Verify all Cinder volume types still carry the required extra specs:

openstack volume type show replicated-ssd
# Confirm replication_enabled='<is> True' is present

If a volume type was modified and no longer has replication_enabled, restore the property and then remove and re-add the affected volumes from the Protection Group.

Issue: Split-brain — both sites report themselves as primary

Symptom: After an unplanned failover and subsequent recovery of the original primary site, sync-status run against each site independently shows different current_primary_site values and divergent version numbers. Operations on either site fail with metadata conflict errors.

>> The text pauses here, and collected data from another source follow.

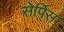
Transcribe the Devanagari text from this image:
सेर्पिस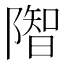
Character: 𨼓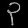
Digit: ၃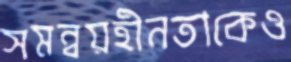
সমন্বয়হীনতাকেও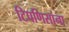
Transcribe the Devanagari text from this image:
टिपणिसांना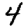
Digit: 4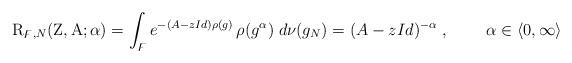
LaTeX: \begin{align*}\mathrm{R}_{\digamma,N}(\mathrm{Z},\mathrm{A};\alpha) = \int_{\digamma} e^{-(A-zId)\rho(g)}\,\rho(g^{\alpha})\;d\nu(g_N)=(A-zId)^{-\alpha}\;,\;\;\;\;\;\;\;\;\alpha\in\langle0,\infty\rangle\end{align*}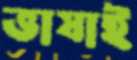
ভাষাই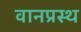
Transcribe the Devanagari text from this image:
वानप्रस्‍थ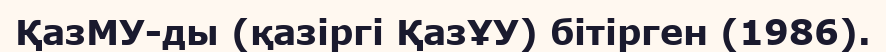
ҚазМУ-ды (қазіргі ҚазҰУ) бітірген (1986).
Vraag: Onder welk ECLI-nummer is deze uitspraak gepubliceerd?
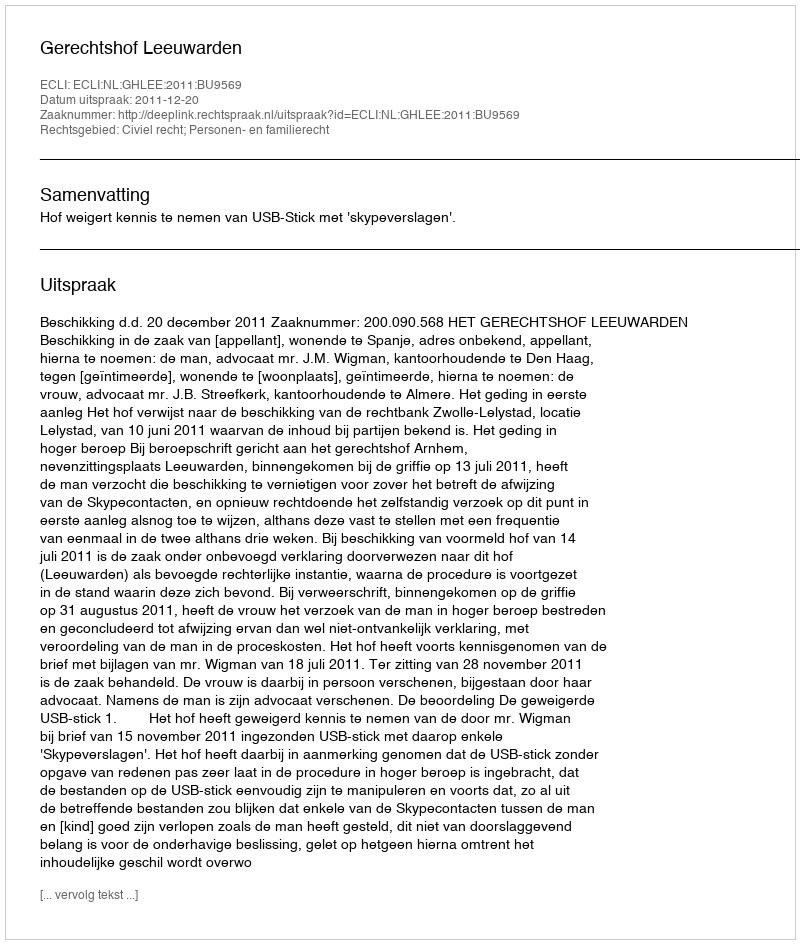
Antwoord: ECLI:NL:GHLEE:2011:BU9569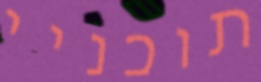
תוכניי
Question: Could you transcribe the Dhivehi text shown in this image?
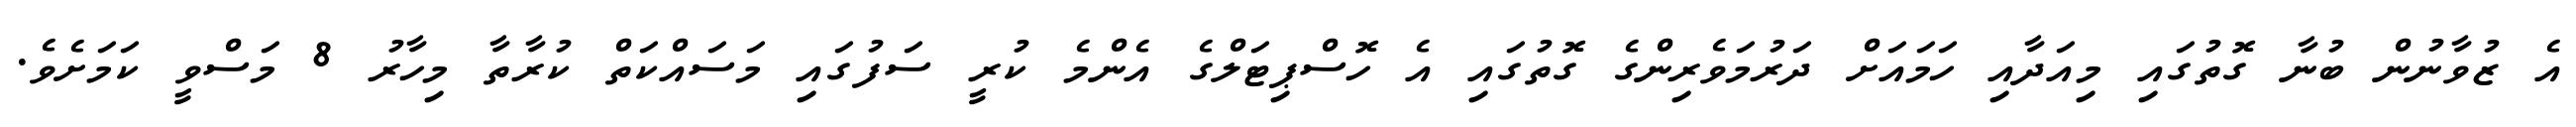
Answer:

Likely cause: Site A recovered and was left in its pre-failover state (current_primary_site = site-a, version N) while Site B successfully failed over and updated its metadata (current_primary_site = site-b, version N+1). The sites were never re-synced after Site A came back online.

Fix:

Do not make any changes to the Protection Group on either site until this is resolved.
Determine which site is the true current primary — this is the site where VMs are actively running after the failover:
```
export OS_CLOUD=site-b
openstack server list  # If VMs are here, Site B is authoritative
```

Identify the authoritative site's metadata version:

export OS_CLOUD=site-b
openstack protector protection-group sync-status prod-web-app
# Note: Local Version and current_primary_site

Force-sync from the authoritative site to overwrite the stale site:

export OS_CLOUD=site-b
openstack protector protection-group sync-force prod-web-app

Verify both sites now report the same version and current_primary_site:

export OS_CLOUD=site-a
openstack protector protection-group sync-status prod-web-app
# Should now match Site B's version and show current_primary_site = site-b

If sync-force is blocked because Site A's metadata has a higher version number (indicating conflicting writes occurred on Site A after it recovered), contact support — manual database reconciliation may be required.

Issue: Volume excluded from Consistency Group — replication_enabled missing

Symptom: Adding a VM to a Protection Group fails with an error indicating one or more of the VM's volumes cannot be added to the Consistency Group. The error references a volume type property check.

Likely cause: One or more volumes attached to the VM use a Cinder volume type that is missing replication_enabled='<is> True' or replication_type extra specs. All volumes in a Consistency Group must use a replication-enabled volume type.

Fix:

Identify which volumes are attached to the VM:

openstack server show <instance-id> -f json | python3 -m json.tool | grep -A5 volumes

For each volume, check its type:

openstack volume show <volume-id> -c volume_type
openstack volume type show <volume-type-name>

If the type is missing the required properties, set them (requires admin):

openstack volume type set replicated-ssd \
  --property replication_enabled='<is> True' \
  --property replication_type='<in> async'

If the volume is on a non-replicated backend (e.g., local SSD without FlashArray replication configured), the volume must be migrated to a replication-enabled backend before it can be protected. Consult your Cinder backend migration procedure.
After fixing the volume type, retry adding the VM to the Protection Group.